The immortal jellyfish is, true to its name, biologically immortal, capable of reversing its life cycle to perpetually start over.
When the adult forms of the jellies – called jellyfish – are stressed, injured or otherwise in a less than ideal situation, they revert to an earlier stage in their life cycle, becoming a film of cells looking for a place to anchor and grow. into a polyp.
From there, new jellyfish bud, allowing the immortal jellyfish to reproduce asexually and be reborn. And unlike most other jellies which have limited reset abilities before becoming sexually mature, the Immortal Jellyfish can do so even after reproducing sexually as an adult, giving it two different reproductive pathways.
As far as we know, the immortal jellyfish can do this an unlimited number of times – hence its name.
(Note however that it is called immortalnot invincible; they can still totally die. “The fate of anything in the ocean is usually to be eaten at some point,” as Monty Graham, director of the Florida Institute of Oceanography, pointed out to The Wall Street Journal.)
Now researchers from Spain’s University of Oviedo have sequenced the genome of the immortal jellyfish, providing clues as to how it edge of tomorrow‘s himself.
For their study, published in PNAS, the researchers sequenced the genome of jellies at different stages of its life cycle. Next, they compared the sequenced genome of this smaller-than-pink fingernail jelly to the related crimson jelly – but, alas, just as deadly as the rest of us – to unravel the genetic differences that may explain the ability of immortal jellyfish.
“If there was a genetic change during the inversion, that would be significant,” María Pascual-Torner, a marine biologist in Oviedo and co-author of the study, told El País.
In fact, there have been multiple changes to the Immortal Medusa’s genome that make it superior at copying and repairing its DNA over lesser, time-limited creatures. It has twice as many copies of a gene called GLI3, which plays a role in stem cells’ ability to grow into other cells, El País reported.

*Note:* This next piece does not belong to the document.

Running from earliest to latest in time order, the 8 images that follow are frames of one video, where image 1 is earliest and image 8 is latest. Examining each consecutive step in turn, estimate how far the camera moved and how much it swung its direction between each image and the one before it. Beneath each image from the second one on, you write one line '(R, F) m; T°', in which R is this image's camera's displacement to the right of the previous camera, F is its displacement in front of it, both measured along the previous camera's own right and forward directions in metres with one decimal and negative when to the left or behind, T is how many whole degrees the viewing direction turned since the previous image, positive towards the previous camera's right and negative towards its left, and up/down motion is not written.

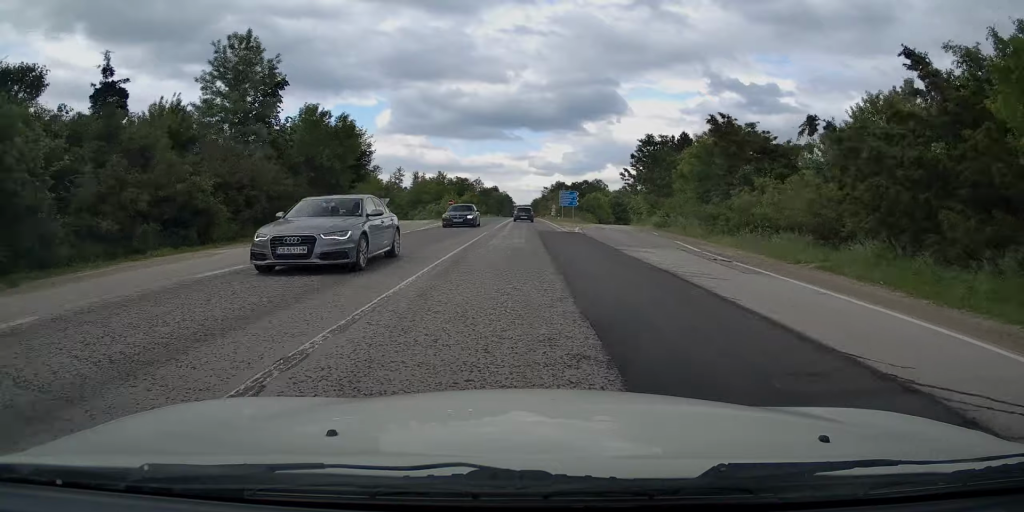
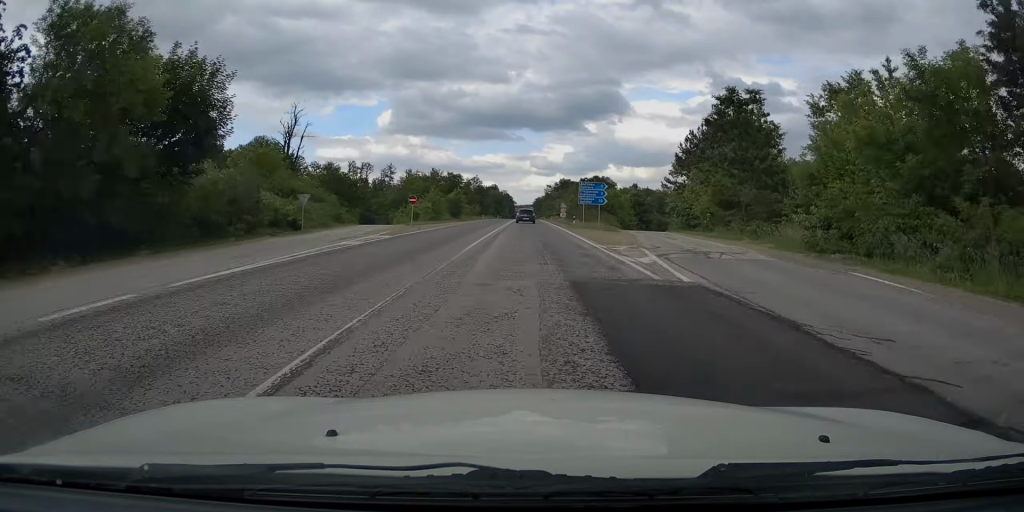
(-0.5, +22.3) m; -1°
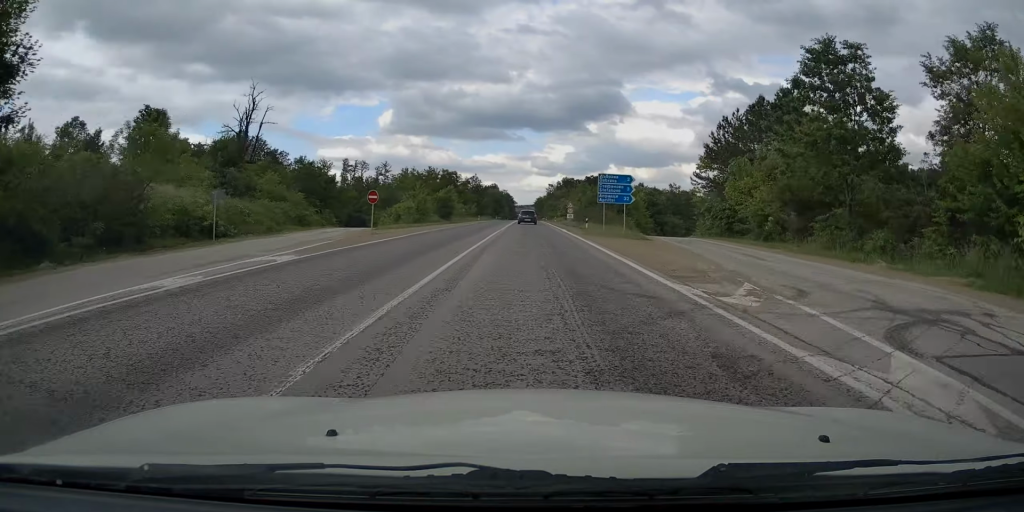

When the adult forms of jellies – called jellyfish – are stressed, injured or otherwise in a less than ideal situation, they return to an earlier stage in their life cycle.
The immortal jellyfish is also better at maintaining the protective caps at the end of its chromosomes, called telomeres. In other species, including humans, telomeres have been shown to shorten with age.
“What makes this animal special is the synergy of all these changes, which make this jellyfish look younger,” Pascual-Torner said.
“The most interesting thing is that it’s not a single molecular pathway… It’s a combination of several of them,” Jan Karlseder, a molecular biologist at the Salk Institute told the WSJ. affiliated with the study.
“If we’re going to look for lifespan extension, we can’t just focus on one pathway. That’s not going to be enough. We need to look at many of them and how they synergize.
Don’t expect these ideas to unleash our own immortality or result in some miracle cosmetic product; rather, the work is to help us better understand the basic mechanisms of aging, with an extreme example.
“We can’t watch it because, hey, we’re going to harvest these jellyfish and turn them into skin cream,” Graham told Reuters. “This is one of those papers that I think will open the door to a new line of study worth pursuing.”